(Dataset items)

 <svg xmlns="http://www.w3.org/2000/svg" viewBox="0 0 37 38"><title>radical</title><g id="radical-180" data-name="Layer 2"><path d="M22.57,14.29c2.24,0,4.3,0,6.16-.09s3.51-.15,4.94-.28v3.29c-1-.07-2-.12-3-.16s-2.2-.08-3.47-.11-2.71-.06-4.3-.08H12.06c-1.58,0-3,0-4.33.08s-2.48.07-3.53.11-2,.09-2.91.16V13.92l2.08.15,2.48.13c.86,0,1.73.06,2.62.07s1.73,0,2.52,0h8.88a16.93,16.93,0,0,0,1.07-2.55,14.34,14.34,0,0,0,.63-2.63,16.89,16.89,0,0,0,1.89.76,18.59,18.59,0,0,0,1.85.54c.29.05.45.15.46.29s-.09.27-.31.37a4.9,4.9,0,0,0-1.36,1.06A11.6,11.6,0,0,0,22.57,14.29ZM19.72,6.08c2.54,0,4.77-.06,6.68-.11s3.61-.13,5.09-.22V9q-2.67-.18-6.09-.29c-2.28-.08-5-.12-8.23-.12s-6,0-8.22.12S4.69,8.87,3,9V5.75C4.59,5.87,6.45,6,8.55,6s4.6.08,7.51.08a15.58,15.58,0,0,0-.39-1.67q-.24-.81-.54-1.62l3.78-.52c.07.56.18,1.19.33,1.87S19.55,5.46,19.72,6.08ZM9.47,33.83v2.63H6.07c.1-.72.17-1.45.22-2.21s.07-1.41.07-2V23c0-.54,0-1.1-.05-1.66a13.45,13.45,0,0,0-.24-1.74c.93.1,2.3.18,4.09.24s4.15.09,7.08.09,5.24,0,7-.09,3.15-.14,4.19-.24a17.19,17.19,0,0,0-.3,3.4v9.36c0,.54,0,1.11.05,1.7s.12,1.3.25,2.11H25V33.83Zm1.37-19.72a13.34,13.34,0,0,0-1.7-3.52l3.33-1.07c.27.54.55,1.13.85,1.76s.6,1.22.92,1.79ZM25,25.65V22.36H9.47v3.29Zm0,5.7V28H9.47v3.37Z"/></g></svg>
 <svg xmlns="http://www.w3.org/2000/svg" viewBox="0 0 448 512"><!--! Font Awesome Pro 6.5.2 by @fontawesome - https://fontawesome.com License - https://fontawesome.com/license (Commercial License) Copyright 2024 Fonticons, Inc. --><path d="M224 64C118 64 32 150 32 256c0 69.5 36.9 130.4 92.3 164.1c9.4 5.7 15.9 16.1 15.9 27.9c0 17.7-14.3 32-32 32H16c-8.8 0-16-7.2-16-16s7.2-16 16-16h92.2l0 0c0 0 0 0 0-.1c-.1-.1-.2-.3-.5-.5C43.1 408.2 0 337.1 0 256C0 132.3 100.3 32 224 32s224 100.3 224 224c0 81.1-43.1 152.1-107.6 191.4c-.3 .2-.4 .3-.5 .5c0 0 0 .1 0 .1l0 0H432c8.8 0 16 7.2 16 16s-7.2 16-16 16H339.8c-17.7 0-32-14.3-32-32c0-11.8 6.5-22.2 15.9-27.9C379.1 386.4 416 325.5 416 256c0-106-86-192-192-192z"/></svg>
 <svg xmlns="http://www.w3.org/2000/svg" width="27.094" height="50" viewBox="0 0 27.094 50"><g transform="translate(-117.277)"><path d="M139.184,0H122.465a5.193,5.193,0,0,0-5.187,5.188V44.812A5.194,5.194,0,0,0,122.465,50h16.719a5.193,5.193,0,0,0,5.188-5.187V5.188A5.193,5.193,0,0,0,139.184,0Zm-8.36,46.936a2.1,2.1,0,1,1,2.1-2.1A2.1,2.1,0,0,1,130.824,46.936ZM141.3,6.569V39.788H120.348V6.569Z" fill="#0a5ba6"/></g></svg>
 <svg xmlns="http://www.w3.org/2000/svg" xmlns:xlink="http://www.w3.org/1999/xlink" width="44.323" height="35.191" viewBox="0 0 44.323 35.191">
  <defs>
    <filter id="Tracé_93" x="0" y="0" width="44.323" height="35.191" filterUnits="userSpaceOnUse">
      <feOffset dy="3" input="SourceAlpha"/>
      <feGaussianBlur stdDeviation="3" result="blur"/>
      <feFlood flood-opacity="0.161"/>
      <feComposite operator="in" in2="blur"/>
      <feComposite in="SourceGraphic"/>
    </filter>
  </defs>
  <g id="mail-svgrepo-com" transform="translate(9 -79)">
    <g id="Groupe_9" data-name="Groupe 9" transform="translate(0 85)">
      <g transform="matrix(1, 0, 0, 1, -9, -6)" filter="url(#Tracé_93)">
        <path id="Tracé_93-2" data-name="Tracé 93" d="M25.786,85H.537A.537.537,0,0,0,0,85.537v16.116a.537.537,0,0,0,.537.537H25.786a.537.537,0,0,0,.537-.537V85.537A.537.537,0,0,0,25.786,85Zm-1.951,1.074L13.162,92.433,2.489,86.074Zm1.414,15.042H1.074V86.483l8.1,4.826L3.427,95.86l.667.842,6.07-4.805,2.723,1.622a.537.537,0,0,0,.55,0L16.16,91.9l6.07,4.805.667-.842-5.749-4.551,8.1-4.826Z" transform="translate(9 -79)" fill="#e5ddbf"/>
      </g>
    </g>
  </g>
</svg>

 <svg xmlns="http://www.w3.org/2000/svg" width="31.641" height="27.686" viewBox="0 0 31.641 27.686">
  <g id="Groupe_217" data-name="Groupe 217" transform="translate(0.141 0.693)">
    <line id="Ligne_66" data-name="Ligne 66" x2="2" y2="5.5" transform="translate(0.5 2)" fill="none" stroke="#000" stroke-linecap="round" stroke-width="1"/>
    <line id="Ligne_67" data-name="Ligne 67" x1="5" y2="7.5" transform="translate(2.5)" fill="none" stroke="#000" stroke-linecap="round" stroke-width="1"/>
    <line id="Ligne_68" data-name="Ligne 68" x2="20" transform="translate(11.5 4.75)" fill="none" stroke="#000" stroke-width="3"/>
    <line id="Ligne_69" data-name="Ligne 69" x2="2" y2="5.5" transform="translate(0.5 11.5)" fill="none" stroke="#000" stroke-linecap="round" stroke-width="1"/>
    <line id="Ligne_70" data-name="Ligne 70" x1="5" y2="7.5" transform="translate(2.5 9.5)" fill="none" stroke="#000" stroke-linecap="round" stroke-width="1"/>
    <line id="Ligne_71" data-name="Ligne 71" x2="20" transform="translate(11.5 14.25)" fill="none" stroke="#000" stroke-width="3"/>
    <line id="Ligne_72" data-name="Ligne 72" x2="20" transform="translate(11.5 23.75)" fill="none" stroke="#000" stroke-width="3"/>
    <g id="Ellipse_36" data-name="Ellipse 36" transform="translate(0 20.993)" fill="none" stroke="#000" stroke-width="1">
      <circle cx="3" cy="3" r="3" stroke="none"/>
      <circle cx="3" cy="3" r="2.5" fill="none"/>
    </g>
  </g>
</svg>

▸ Required action: Copy the records exactly.

▸ Final answer:
 <svg xmlns="http://www.w3.org/2000/svg" viewBox="0 0 37 38"><title>radical</title><g id="radical-180" data-name="Layer 2"><path d="M22.57,14.29c2.24,0,4.3,0,6.16-.09s3.51-.15,4.94-.28v3.29c-1-.07-2-.12-3-.16s-2.2-.08-3.47-.11-2.71-.06-4.3-.08H12.06c-1.58,0-3,0-4.33.08s-2.48.07-3.53.11-2,.09-2.91.16V13.92l2.08.15,2.48.13c.86,0,1.73.06,2.62.07s1.73,0,2.52,0h8.88a16.93,16.93,0,0,0,1.07-2.55,14.34,14.34,0,0,0,.63-2.63,16.89,16.89,0,0,0,1.89.76,18.59,18.59,0,0,0,1.85.54c.29.05.45.15.46.29s-.09.27-.31.37a4.9,4.9,0,0,0-1.36,1.06A11.6,11.6,0,0,0,22.57,14.29ZM19.72,6.08c2.54,0,4.77-.06,6.68-.11s3.61-.13,5.09-.22V9q-2.67-.18-6.09-.29c-2.28-.08-5-.12-8.23-.12s-6,0-8.22.12S4.69,8.87,3,9V5.75C4.59,5.87,6.45,6,8.55,6s4.6.08,7.51.08a15.58,15.58,0,0,0-.39-1.67q-.24-.81-.54-1.62l3.78-.52c.07.56.18,1.19.33,1.87S19.55,5.46,19.72,6.08ZM9.47,33.83v2.63H6.07c.1-.72.17-1.45.22-2.21s.07-1.41.07-2V23c0-.54,0-1.1-.05-1.66a13.45,13.45,0,0,0-.24-1.74c.93.1,2.3.18,4.09.24s4.15.09,7.08.09,5.24,0,7-.09,3.15-.14,4.19-.24a17.19,17.19,0,0,0-.3,3.4v9.36c0,.54,0,1.11.05,1.7s.12,1.3.25,2.11H25V33.83Zm1.37-19.72a13.34,13.34,0,0,0-1.7-3.52l3.33-1.07c.27.54.55,1.13.85,1.76s.6,1.22.92,1.79ZM25,25.65V22.36H9.47v3.29Zm0,5.7V28H9.47v3.37Z"/></g></svg>
 <svg xmlns="http://www.w3.org/2000/svg" viewBox="0 0 448 512"><!--! Font Awesome Pro 6.5.2 by @fontawesome - https://fontawesome.com License - https://fontawesome.com/license (Commercial License) Copyright 2024 Fonticons, Inc. --><path d="M224 64C118 64 32 150 32 256c0 69.5 36.9 130.4 92.3 164.1c9.4 5.7 15.9 16.1 15.9 27.9c0 17.7-14.3 32-32 32H16c-8.8 0-16-7.2-16-16s7.2-16 16-16h92.2l0 0c0 0 0 0 0-.1c-.1-.1-.2-.3-.5-.5C43.1 408.2 0 337.1 0 256C0 132.3 100.3 32 224 32s224 100.3 224 224c0 81.1-43.1 152.1-107.6 191.4c-.3 .2-.4 .3-.5 .5c0 0 0 .1 0 .1l0 0H432c8.8 0 16 7.2 16 16s-7.2 16-16 16H339.8c-17.7 0-32-14.3-32-32c0-11.8 6.5-22.2 15.9-27.9C379.1 386.4 416 325.5 416 256c0-106-86-192-192-192z"/></svg>
 <svg xmlns="http://www.w3.org/2000/svg" width="27.094" height="50" viewBox="0 0 27.094 50"><g transform="translate(-117.277)"><path d="M139.184,0H122.465a5.193,5.193,0,0,0-5.187,5.188V44.812A5.194,5.194,0,0,0,122.465,50h16.719a5.193,5.193,0,0,0,5.188-5.187V5.188A5.193,5.193,0,0,0,139.184,0Zm-8.36,46.936a2.1,2.1,0,1,1,2.1-2.1A2.1,2.1,0,0,1,130.824,46.936ZM141.3,6.569V39.788H120.348V6.569Z" fill="#0a5ba6"/></g></svg>
 <svg xmlns="http://www.w3.org/2000/svg" xmlns:xlink="http://www.w3.org/1999/xlink" width="44.323" height="35.191" viewBox="0 0 44.323 35.191">
  <defs>
    <filter id="Tracé_93" x="0" y="0" width="44.323" height="35.191" filterUnits="userSpaceOnUse">
      <feOffset dy="3" input="SourceAlpha"/>
      <feGaussianBlur stdDeviation="3" result="blur"/>
      <feFlood flood-opacity="0.161"/>
      <feComposite operator="in" in2="blur"/>
      <feComposite in="SourceGraphic"/>
    </filter>
  </defs>
  <g id="mail-svgrepo-com" transform="translate(9 -79)">
    <g id="Groupe_9" data-name="Groupe 9" transform="translate(0 85)">
      <g transform="matrix(1, 0, 0, 1, -9, -6)" filter="url(#Tracé_93)">
        <path id="Tracé_93-2" data-name="Tracé 93" d="M25.786,85H.537A.537.537,0,0,0,0,85.537v16.116a.537.537,0,0,0,.537.537H25.786a.537.537,0,0,0,.537-.537V85.537A.537.537,0,0,0,25.786,85Zm-1.951,1.074L13.162,92.433,2.489,86.074Zm1.414,15.042H1.074V86.483l8.1,4.826L3.427,95.86l.667.842,6.07-4.805,2.723,1.622a.537.537,0,0,0,.55,0L16.16,91.9l6.07,4.805.667-.842-5.749-4.551,8.1-4.826Z" transform="translate(9 -79)" fill="#e5ddbf"/>
      </g>
    </g>
  </g>
</svg>

 <svg xmlns="http://www.w3.org/2000/svg" width="31.641" height="27.686" viewBox="0 0 31.641 27.686">
  <g id="Groupe_217" data-name="Groupe 217" transform="translate(0.141 0.693)">
    <line id="Ligne_66" data-name="Ligne 66" x2="2" y2="5.5" transform="translate(0.5 2)" fill="none" stroke="#000" stroke-linecap="round" stroke-width="1"/>
    <line id="Ligne_67" data-name="Ligne 67" x1="5" y2="7.5" transform="translate(2.5)" fill="none" stroke="#000" stroke-linecap="round" stroke-width="1"/>
    <line id="Ligne_68" data-name="Ligne 68" x2="20" transform="translate(11.5 4.75)" fill="none" stroke="#000" stroke-width="3"/>
    <line id="Ligne_69" data-name="Ligne 69" x2="2" y2="5.5" transform="translate(0.5 11.5)" fill="none" stroke="#000" stroke-linecap="round" stroke-width="1"/>
    <line id="Ligne_70" data-name="Ligne 70" x1="5" y2="7.5" transform="translate(2.5 9.5)" fill="none" stroke="#000" stroke-linecap="round" stroke-width="1"/>
    <line id="Ligne_71" data-name="Ligne 71" x2="20" transform="translate(11.5 14.25)" fill="none" stroke="#000" stroke-width="3"/>
    <line id="Ligne_72" data-name="Ligne 72" x2="20" transform="translate(11.5 23.75)" fill="none" stroke="#000" stroke-width="3"/>
    <g id="Ellipse_36" data-name="Ellipse 36" transform="translate(0 20.993)" fill="none" stroke="#000" stroke-width="1">
      <circle cx="3" cy="3" r="3" stroke="none"/>
      <circle cx="3" cy="3" r="2.5" fill="none"/>
    </g>
  </g>
</svg>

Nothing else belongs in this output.